As described above, according to the present invention, the gas refrigerant in the refrigerant separated in the receiver tank is used as the refrigerant for defrosting the evaporator, and the liquid separated in the receiver tank is used. Refrigerant is reserved in the receiver tank for cooling the compressor by the liquid injection circuit, so the liquid refrigerant to the liquid injection circuit for cooling the operating compressor is exhausted even when the evaporator is defrosted.
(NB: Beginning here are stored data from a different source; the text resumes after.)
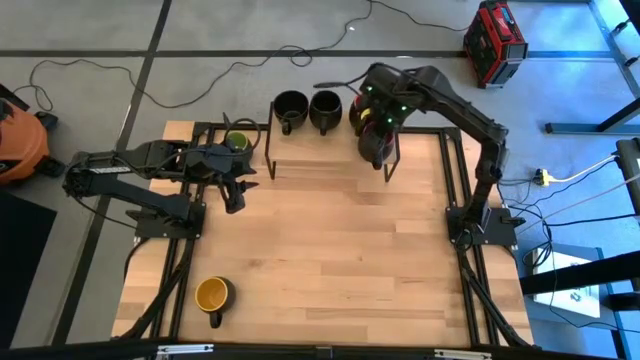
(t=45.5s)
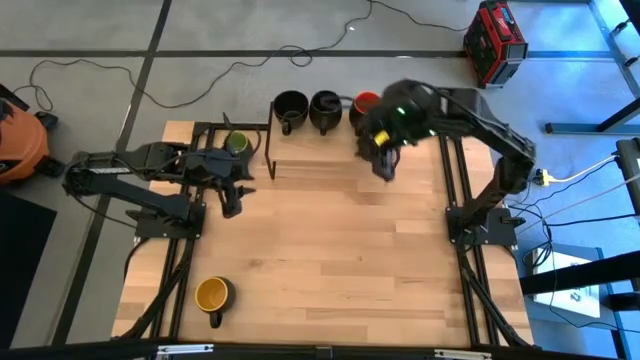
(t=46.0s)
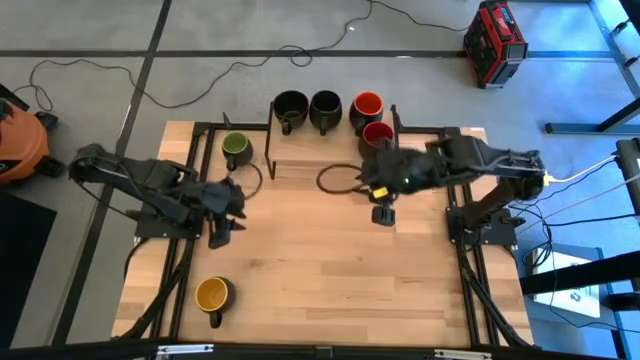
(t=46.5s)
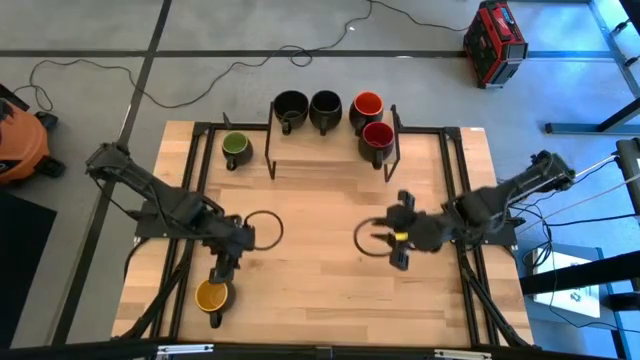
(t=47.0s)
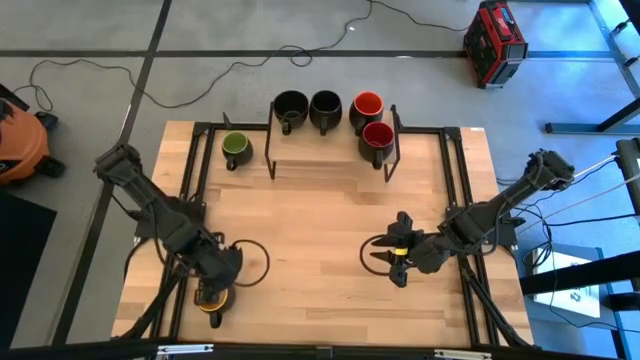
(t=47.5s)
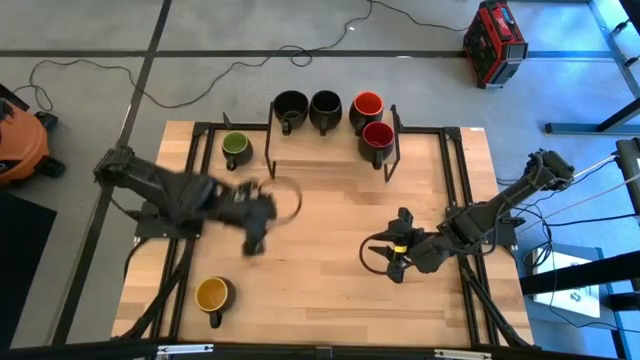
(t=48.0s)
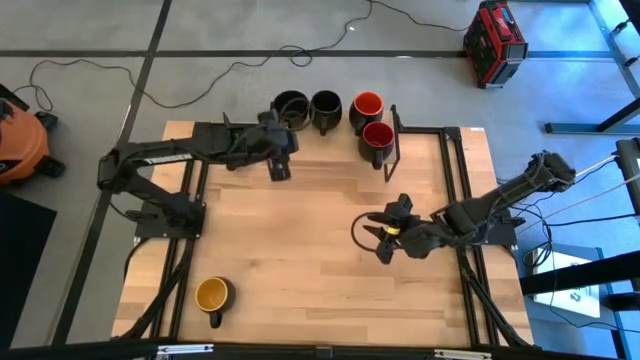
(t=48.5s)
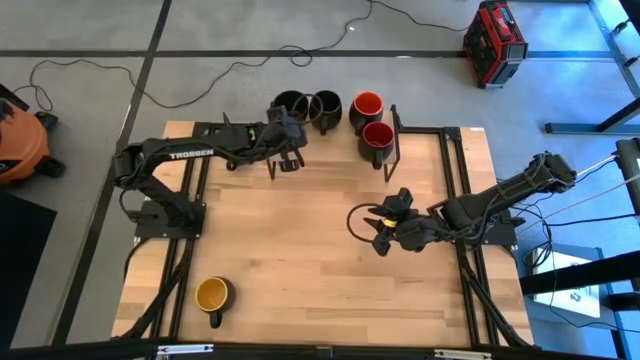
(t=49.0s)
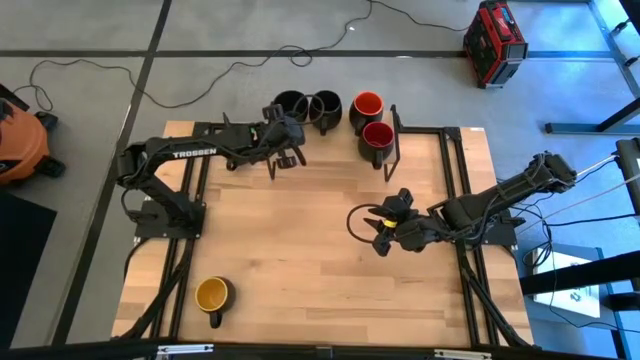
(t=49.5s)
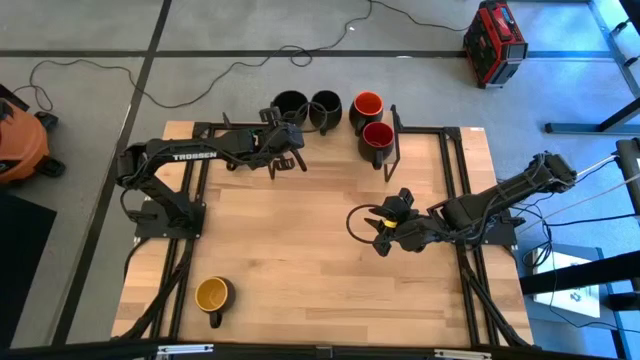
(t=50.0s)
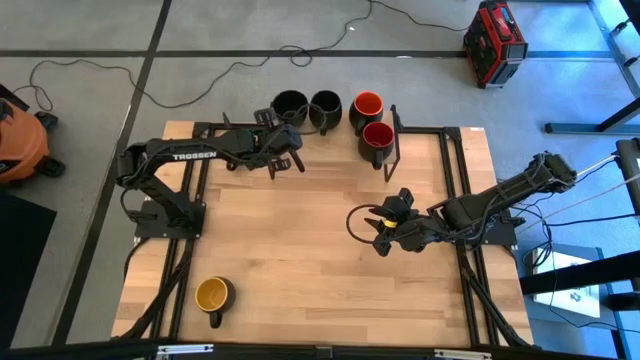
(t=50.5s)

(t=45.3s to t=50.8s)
Task: Place coffee mugs
Adjust the black mug

Without this, stable cooling of the compressor can be realized, and defrosting of the evaporator can be surely achieved.

[Brief description of the drawings]

FIG. 1 is a refrigerant circuit diagram of a refrigerating apparatus according to a first aspect of the invention.

FIG. 2 is a refrigerant circuit diagram of the refrigerating apparatus of the invention of claim 2.
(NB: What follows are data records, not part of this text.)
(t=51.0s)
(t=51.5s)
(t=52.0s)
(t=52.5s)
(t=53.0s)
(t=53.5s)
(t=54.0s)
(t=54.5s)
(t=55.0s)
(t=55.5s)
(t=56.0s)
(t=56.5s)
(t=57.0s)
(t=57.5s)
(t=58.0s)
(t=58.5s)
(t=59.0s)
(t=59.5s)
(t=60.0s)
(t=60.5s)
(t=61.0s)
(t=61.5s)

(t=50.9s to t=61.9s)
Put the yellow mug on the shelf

FIG. 3 is a refrigerant circuit diagram of a conventional refrigeration system of a type in which a refrigerant is condensed by air cooling and a high-pressure gas refrigerant discharged from a compressor is directly flown to an evaporator during defrosting.
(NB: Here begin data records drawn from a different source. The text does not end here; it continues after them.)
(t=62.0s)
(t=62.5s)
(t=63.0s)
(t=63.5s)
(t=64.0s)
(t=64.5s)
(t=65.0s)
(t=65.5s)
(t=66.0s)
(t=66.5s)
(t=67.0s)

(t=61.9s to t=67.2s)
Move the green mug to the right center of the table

FIG. 4 is a refrigerant circuit diagram of a conventional refrigeration system of a type in which a refrigerant is condensed by water cooling and a high-pressure gas refrigerant discharged from a compressor is directly flown to an evaporator during defrosting.

FIG. 5 is a refrigerant circuit diagram of a conventional refrigeration system of a type in which a refrigerant is condensed by air cooling and a gas-liquid mixed refrigerant discharged from a condenser at the time of defrosting is caused to flow to an evaporator.

[Explanation of symbols]

 1 Compressor 3 Condenser 5 Receiver Tank 13 Evaporator 27 Liquid Injection Circuit 30 Defrosting Pipe 37 Water Cooling Pipeline

Claims (2)

(57) [Claims] 1. A compressor having a refrigerant discharge side and a suction side, a condenser connected to the discharge side of the compressor, and a refrigerant discharged from the condenser connected to a refrigerant outlet side of the condenser. cold
In a refrigerating apparatus having a receiver tank for separating a medium and a liquid refrigerant, and an evaporator connected between a refrigerant outlet side of the receiver tank and a suction side of the compressor ,
While defrosting the generator, the compressor is operated and
The gas refrigerant separated into gas and liquid in the sea bar tank is added to the evaporator.
Defrosting circuit to supply the gas and liquid in the receiver tank.
When the separated liquid refrigerant is cooled in the evaporator and defrosted,
Liquid injection that supplies to the low pressure side inside the compressor
And a refrigeration device having a circuit . 2. A compressor having a refrigerant discharge side and a suction side, and a refrigerant from the condenser connected to the discharge side of the compressor.
A receiver tank for separating the gas refrigerant and the liquid refrigerant ,
In a refrigerating apparatus having a water cooling pipeline for cooling the receiver tank, and an evaporator connected between a refrigerant outlet side of the receiver tank and a suction side of the compressor ,
While operating the compressor when defrosting the evaporator,
The gas refrigerant separated into gas and liquid in the receiver tank is
Defrost circuit to supply to the evaporator and inside the receiver tank
The liquid refrigerant that has been separated into gas and liquid at the time of cooling and defrosting the evaporator
Liquid injection to be supplied to the low pressure side inside the compressor
And a refrigeration device having an application circuit.